──────── The data ────────

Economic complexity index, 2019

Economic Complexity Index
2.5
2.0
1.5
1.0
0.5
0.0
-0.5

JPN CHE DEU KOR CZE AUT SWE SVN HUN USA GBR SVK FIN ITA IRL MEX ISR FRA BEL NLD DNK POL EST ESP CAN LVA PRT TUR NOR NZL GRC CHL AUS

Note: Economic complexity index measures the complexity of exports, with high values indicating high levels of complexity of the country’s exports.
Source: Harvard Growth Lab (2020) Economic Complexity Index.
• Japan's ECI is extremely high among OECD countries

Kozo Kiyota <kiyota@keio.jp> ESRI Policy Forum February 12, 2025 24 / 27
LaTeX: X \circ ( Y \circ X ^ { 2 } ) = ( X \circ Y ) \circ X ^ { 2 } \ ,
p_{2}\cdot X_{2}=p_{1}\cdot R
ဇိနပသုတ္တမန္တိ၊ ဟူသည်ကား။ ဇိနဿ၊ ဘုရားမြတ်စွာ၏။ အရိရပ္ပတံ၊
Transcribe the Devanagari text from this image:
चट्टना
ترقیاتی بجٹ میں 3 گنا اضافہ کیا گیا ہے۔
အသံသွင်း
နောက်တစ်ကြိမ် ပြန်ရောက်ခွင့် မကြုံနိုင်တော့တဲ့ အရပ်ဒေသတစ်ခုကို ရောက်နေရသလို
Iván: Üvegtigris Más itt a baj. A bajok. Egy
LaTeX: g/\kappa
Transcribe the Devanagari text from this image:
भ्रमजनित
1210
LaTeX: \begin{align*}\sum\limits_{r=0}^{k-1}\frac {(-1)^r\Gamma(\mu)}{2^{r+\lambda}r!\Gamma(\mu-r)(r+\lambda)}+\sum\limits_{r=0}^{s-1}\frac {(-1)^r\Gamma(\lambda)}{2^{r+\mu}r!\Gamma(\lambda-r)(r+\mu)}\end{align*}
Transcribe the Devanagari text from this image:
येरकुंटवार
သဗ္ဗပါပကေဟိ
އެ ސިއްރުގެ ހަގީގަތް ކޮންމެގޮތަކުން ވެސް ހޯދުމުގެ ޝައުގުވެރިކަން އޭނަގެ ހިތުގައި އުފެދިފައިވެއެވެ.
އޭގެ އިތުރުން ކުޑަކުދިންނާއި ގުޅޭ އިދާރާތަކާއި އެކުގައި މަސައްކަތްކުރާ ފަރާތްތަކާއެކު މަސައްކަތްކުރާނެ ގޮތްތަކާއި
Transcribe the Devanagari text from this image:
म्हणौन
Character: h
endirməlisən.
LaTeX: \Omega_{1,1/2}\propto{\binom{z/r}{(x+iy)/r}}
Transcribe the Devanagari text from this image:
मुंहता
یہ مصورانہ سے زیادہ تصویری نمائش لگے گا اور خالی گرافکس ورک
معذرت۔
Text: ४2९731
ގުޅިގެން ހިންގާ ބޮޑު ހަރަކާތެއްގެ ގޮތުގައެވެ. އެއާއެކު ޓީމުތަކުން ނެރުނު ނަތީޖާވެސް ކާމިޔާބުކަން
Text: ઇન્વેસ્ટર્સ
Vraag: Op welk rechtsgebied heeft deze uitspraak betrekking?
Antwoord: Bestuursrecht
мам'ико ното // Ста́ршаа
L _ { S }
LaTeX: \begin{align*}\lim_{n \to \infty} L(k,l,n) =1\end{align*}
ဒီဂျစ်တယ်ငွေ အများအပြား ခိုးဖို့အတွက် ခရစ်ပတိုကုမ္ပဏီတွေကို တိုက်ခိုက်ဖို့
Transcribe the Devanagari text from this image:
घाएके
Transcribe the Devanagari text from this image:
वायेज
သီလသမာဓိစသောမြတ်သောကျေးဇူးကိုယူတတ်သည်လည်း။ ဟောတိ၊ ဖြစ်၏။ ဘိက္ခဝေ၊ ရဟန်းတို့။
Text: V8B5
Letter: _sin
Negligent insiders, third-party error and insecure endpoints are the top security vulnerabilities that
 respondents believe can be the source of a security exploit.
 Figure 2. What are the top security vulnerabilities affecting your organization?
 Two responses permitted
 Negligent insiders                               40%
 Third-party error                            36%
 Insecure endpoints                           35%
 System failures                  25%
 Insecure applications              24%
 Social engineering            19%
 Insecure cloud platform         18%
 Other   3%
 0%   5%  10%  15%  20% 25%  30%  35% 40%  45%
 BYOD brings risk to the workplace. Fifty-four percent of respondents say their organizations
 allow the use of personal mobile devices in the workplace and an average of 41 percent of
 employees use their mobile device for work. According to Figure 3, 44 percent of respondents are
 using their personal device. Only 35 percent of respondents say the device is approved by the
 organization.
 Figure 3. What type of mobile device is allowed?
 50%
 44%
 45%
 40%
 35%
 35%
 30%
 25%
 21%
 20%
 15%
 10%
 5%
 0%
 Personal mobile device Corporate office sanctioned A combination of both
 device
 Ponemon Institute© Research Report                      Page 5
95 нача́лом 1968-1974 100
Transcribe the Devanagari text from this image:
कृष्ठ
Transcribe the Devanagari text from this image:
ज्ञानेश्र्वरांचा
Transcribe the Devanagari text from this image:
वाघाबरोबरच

────────

(What to produce)
Copy out precisely the lines from the line with "LaTeX: X \circ" to the line with "LaTeX: g/\kappa" in the material above, including those two lines and omitting all the rest.

(Exercise output)
LaTeX: X \circ ( Y \circ X ^ { 2 } ) = ( X \circ Y ) \circ X ^ { 2 } \ ,
p_{2}\cdot X_{2}=p_{1}\cdot R
ဇိနပသုတ္တမန္တိ၊ ဟူသည်ကား။ ဇိနဿ၊ ဘုရားမြတ်စွာ၏။ အရိရပ္ပတံ၊
Transcribe the Devanagari text from this image:
चट्टना
ترقیاتی بجٹ میں 3 گنا اضافہ کیا گیا ہے۔
အသံသွင်း
နောက်တစ်ကြိမ် ပြန်ရောက်ခွင့် မကြုံနိုင်တော့တဲ့ အရပ်ဒေသတစ်ခုကို ရောက်နေရသလို
Iván: Üvegtigris Más itt a baj. A bajok. Egy
LaTeX: g/\kappa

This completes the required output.